На улице давно темно, мы идём в церковь Покрова на Лыщиковой горке. Именно в ней в ноябре 1944 года, во время войны, венчались мои родители. Правда, в тот вечер я ещё не знал, что они так любят именно эту церковь, потому что в ней венчались. Об этом как-то не принято было говорить вслух. И вообще вера — это, наверное, не то, о чем следует говорить всем и каждому, а какая-то тайна, тайна личных, глубоко личных наших отношений с Богом и иногда друг с другом.
Но в церковь мы всё равно идём вместе, потому что наступает Пасха. Яйца давно покрашены, а куличи, закрытые белой салфеткой, стоят в столовой. В Новом Завете рассказывается как раз об этом вечере
«В первый же день недели Мария Магдалина приходит ко гробу рано, когда ещё было темно, и видит, что камень отвален от гроба»…
Именно на этой странице Евангелия я, уходя из дому, оставил книгу раскрытой. И странным и необъяснимым кажется, что для большинства людей в метро и на улице сегодняшняя суббота ничем не отличается от всех остальных. Странно, но естественно. На дворе середина 60–х годов. И скоро Брежнев введёт свои войска в Чехословакию.
Пройдет лет 10 не меньше с той пасхальной ночи, которая вспомнилась мне сейчас, когда, уходя после вечерних занятий из Института иностранных языков в такой же весенний вечер Страстной субботы вместе с переводчицей Томаса Мора и Эразма Роттердамского Юдифью Матвеевной Каган, мы увидим группу студентов–оперотрядовцев. Они будут стоять в дверях уже готовые отправиться к церкви Николы в Хамовниках, чтобы встать в оцепление вокруг храма.

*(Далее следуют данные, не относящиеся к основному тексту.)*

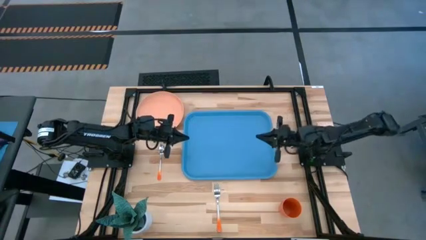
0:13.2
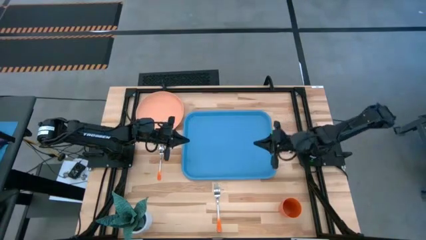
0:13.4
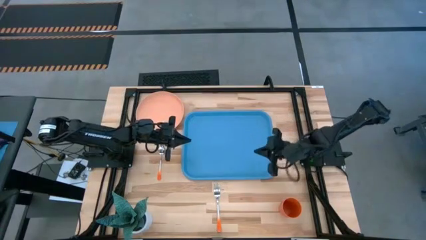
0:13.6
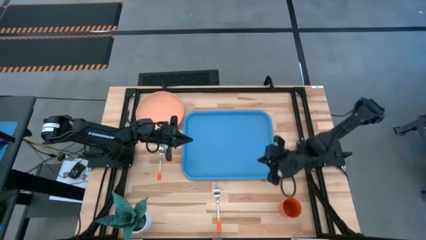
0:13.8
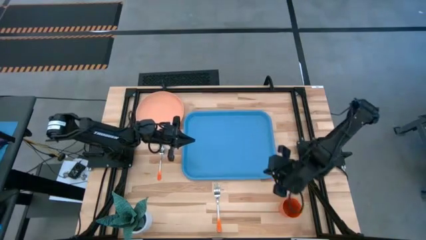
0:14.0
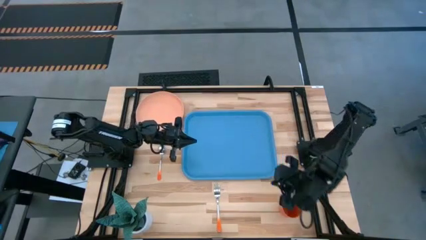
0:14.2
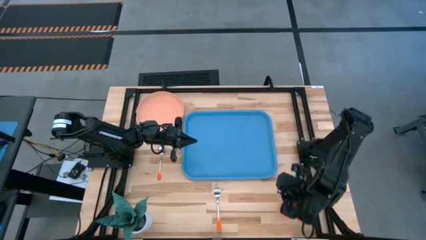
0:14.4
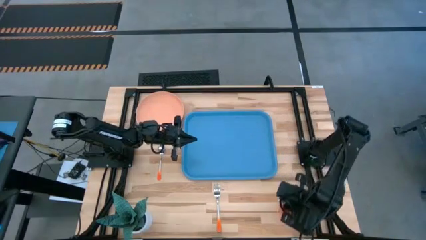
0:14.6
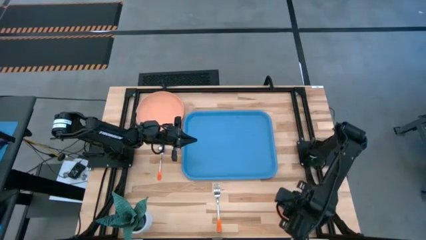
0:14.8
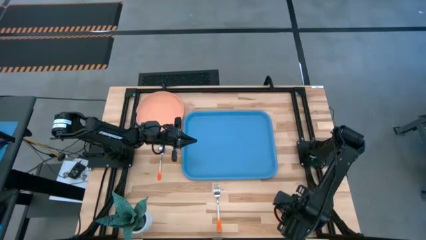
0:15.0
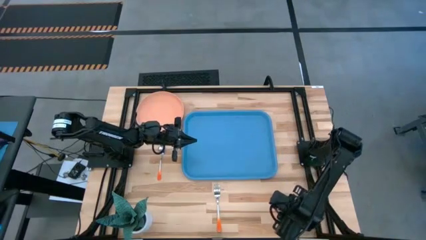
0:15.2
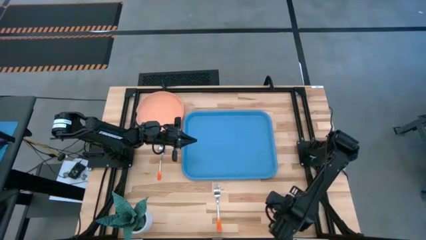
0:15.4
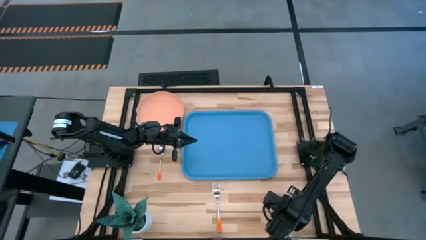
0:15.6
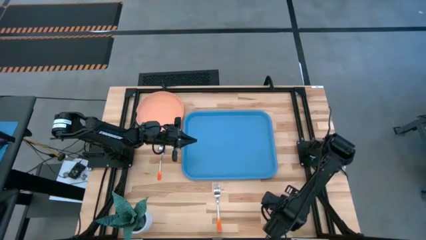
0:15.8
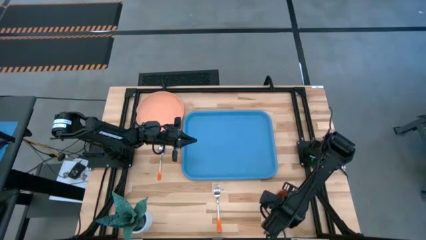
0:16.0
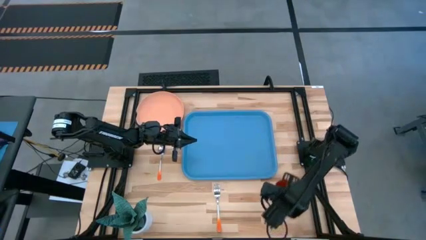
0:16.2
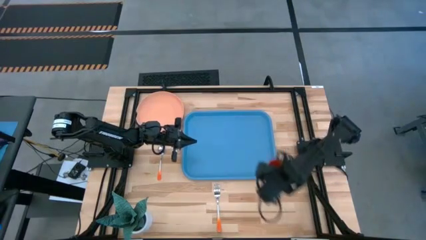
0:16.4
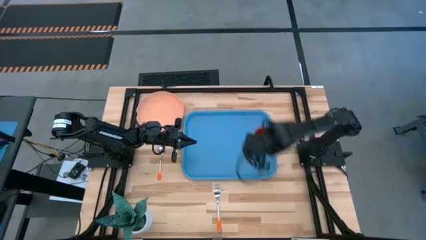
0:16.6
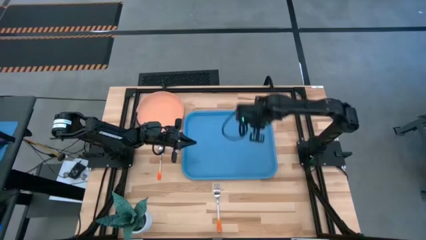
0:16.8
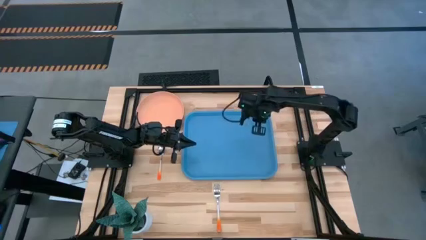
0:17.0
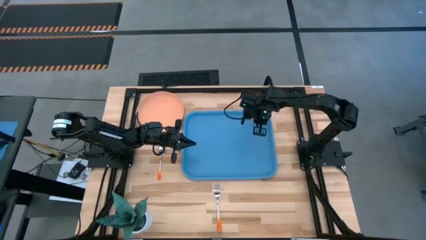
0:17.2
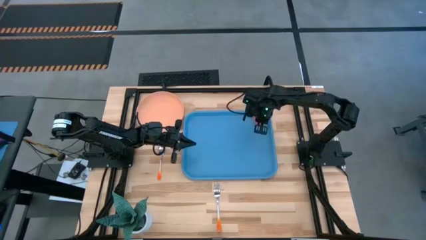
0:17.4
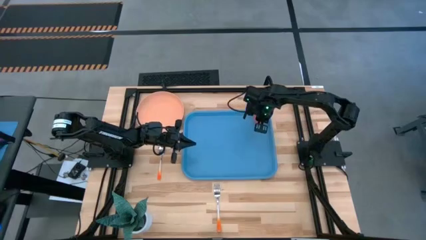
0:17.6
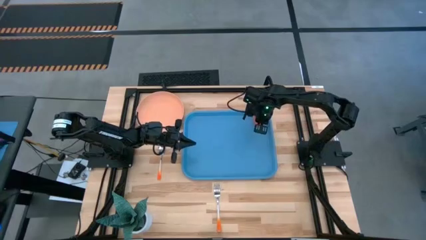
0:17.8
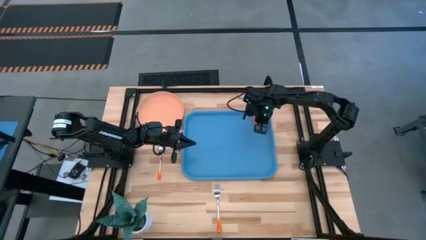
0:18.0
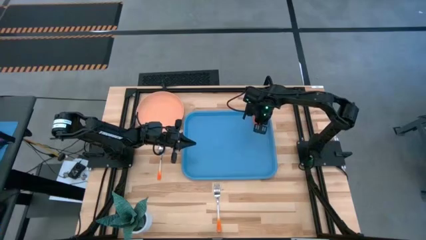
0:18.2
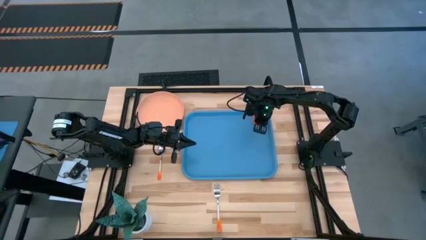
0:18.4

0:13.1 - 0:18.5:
Put the orange cup on the blue tray

Их задача заключается в том, чтобы не пропускать в церковь молодежь, «оберегая» её, таким образом, от «тлетворного влияния религиозного дурмана»… Что тут скажешь? Отвратительно.
Юдифь Матвеевна, конечно же, не может сдержаться. «Потом, — говорит она, — вам будет стыдно, что вы стояли в этом оцеплении. Шли бы вы лучше домой. Вы — неплохие ребята, но использовать вас можно в любых, в каких угодно, в самых мерзких целях. Потому что вы абсолютно беззащитны перед лицом зла. Идите домой. Вы, правда, меня все равно не послушаетесь, ну ладно…» Это было году в 1976, не позднее. Где теперь эти ребята и что теперь они делают? Интересно… Невероятно интересно… Одного из таких бывших комсомольских «вожаков» я встретил как-то на улице - он спросил у меня благословения, а потом заметил, что читал мои статьи и считает, что в них я излишне открыт инославию. «Подумайте, об этом, отец Георгий, я говорю вам как православный»… Ладно… Что тут можно сказать… Теmроrа mutаntur et nos mutamur in illis — «Времена меняются, и мы меняемся вместе с ними».
Небольшого роста, вернее, просто низенькая, с удивительно красивой головой, но болезненно полная, с трудом передвигавшаяся, потому что в детстве перенесла полиомиелит, Юдифь Матвеевна была удивительно и по–настоящему мужественным человеком. Она всем и всегда говорила правду, а поэтому, как только ей исполнилось 55 лет, ее безжалостно выгнали на пенсию. В те годы мне было немного грустно, что обе они, Юдифь и ее мать Софья Исааковна, не ходят в церковь и не считают себя христианками.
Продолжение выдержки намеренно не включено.